Go through the records below from the first line and print each one exactly, stopping after the line that contains "Q: Is the spacing between lines". Do not print pictures or anything past that line.
######
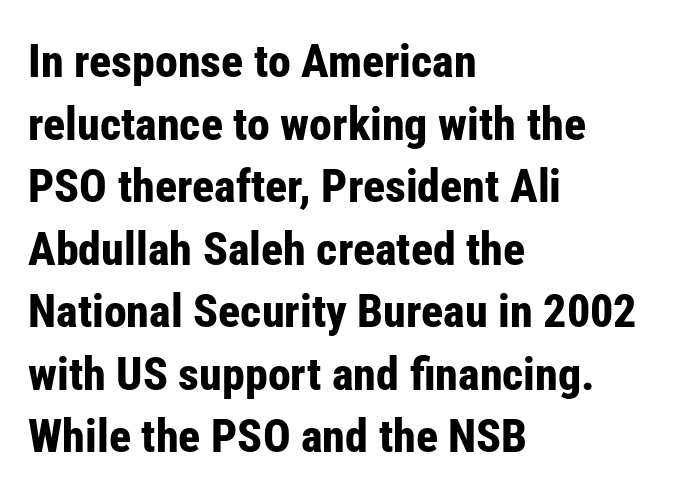
The image shows 46 px bold, condensed sans-serif type, upright; set left-aligned, normal line spacing (1.36x), normal letter spacing, not underlined; low stroke contrast and a medium x-height.
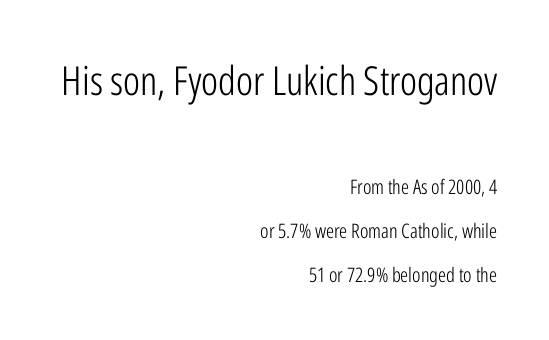
{"serif": "no", "italic": "no", "bold": "no", "weight": "light", "width": "condensed", "stroke_contrast": "low", "x_height": "medium", "monospaced": "no", "underline": "no", "align": "right", "line_spacing": "loose", "line_spacing_ratio": 2.2, "letter_spacing": "normal", "letter_spacing_em": 0.0, "larger_block": "first", "size_ratio": 2.0, "glyph_px": 40}
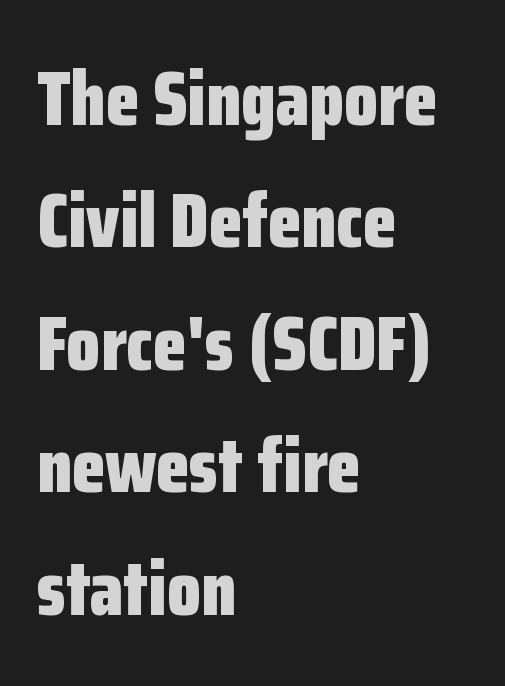
Its strokes are broad and dark, the hallmark of bold type. A sans-serif font was chosen for this passage. These lines are set flush left with a ragged right edge. The specimen omits any rule beneath the text block's lines. It's the straight-up-and-down kind of type.
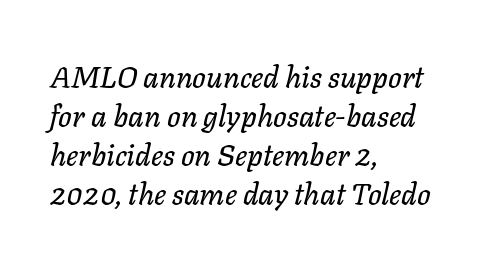
{"italic": "yes", "lean": "right", "slant_degrees": 11, "width": "normal", "stroke_contrast": "low", "x_height": "medium", "monospaced": "no", "underline": "no", "align": "left", "line_spacing": "normal", "line_spacing_ratio": 1.3, "letter_spacing": "normal", "letter_spacing_em": 0.0, "glyph_px": 30}
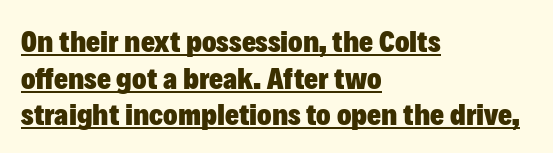
The image shows 30 px heavy sans-serif type, upright; set left-aligned, line spacing 1.22x, normal letter spacing, underlined; low stroke contrast and a medium x-height.
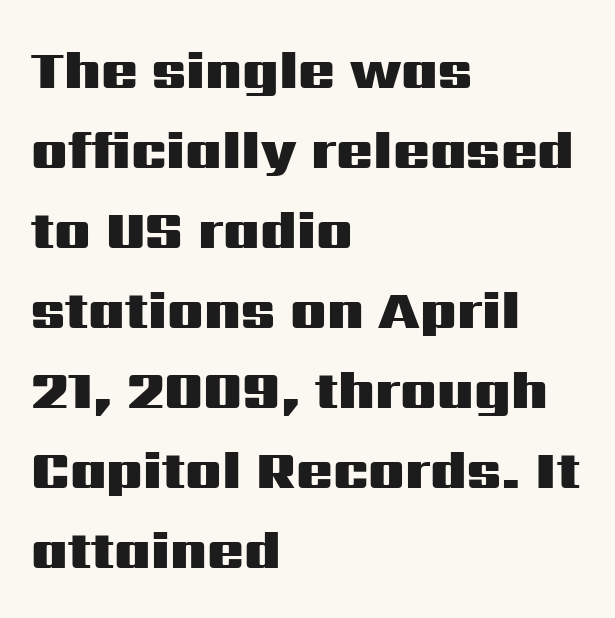
Q: Is the text bold? A: Yes.
Q: Is the text italic (slanted)? A: No, it is upright.
Q: Is the typeface a serif or a sans-serif typeface? A: Sans-serif.
Q: Is the text underlined? A: No.
Q: How is the paragraph aligned? A: Left-aligned.
Q: Is the spacing between letters normal or unusually wide? A: Normal.
Q: Is the spacing between lines tight, normal or loose? A: Normal.
Q: Width (condensed, normal, or wide)? A: Wide.
Q: Stroke contrast? A: Medium.
Q: x-height? A: Medium.
Q: Monospaced? A: No.
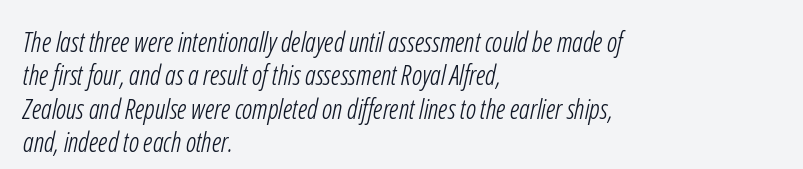
Leftover space on each line is placed entirely after the last word. Descender tails drop into unmarked territory. Standard letterfit; no display-style spreading of the glyphs. The font sits on the lighter half of the weight spectrum, regular included.
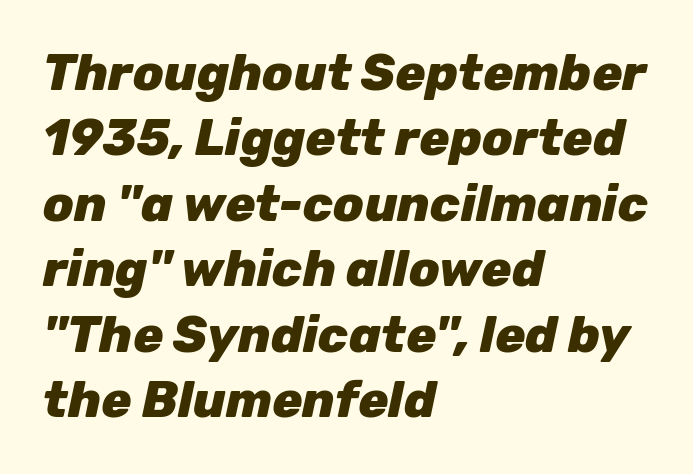
The image shows 50 px heavy type, italic (leaning right); set left-aligned, normal line spacing (1.31x), normal letter spacing, not underlined; low stroke contrast and a medium x-height.
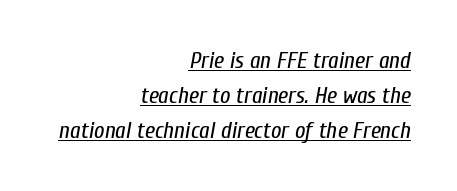
Layout note: lines flush right. If you drew a line through each stem, it would be angled. The block of text has a typical density, with ordinary space between rows. Standard letterfit; no display-style spreading of the glyphs. No heavy texture on the line: the type isn't bold.
######
### Answer to the exercise:
The image shows 46 px bold, condensed sans-serif type, upright; set left-aligned, normal line spacing (1.36x), normal letter spacing, not underlined; low stroke contrast and a medium x-height.
{"serif": "no", "italic": "no", "bold": "no", "weight": "light", "width": "condensed", "stroke_contrast": "low", "x_height": "medium", "monospaced": "no", "underline": "no", "align": "right", "line_spacing": "loose", "line_spacing_ratio": 2.2, "letter_spacing": "normal", "letter_spacing_em": 0.0, "larger_block": "first", "size_ratio": 2.0, "glyph_px": 40}
Its strokes are broad and dark, the hallmark of bold type. A sans-serif font was chosen for this passage. These lines are set flush left with a ragged right edge. The specimen omits any rule beneath the text block's lines. It's the straight-up-and-down kind of type.
{"italic": "yes", "lean": "right", "slant_degrees": 11, "width": "normal", "stroke_contrast": "low", "x_height": "medium", "monospaced": "no", "underline": "no", "align": "left", "line_spacing": "normal", "line_spacing_ratio": 1.3, "letter_spacing": "normal", "letter_spacing_em": 0.0, "glyph_px": 30}
The image shows 30 px heavy sans-serif type, upright; set left-aligned, line spacing 1.22x, normal letter spacing, underlined; low stroke contrast and a medium x-height.
Q: Is the text bold? A: Yes.
Q: Is the text italic (slanted)? A: No, it is upright.
Q: Is the typeface a serif or a sans-serif typeface? A: Sans-serif.
Q: Is the text underlined? A: No.
Q: How is the paragraph aligned? A: Left-aligned.
Q: Is the spacing between letters normal or unusually wide? A: Normal.
Q: Is the spacing between lines tight, normal or loose? A: Normal.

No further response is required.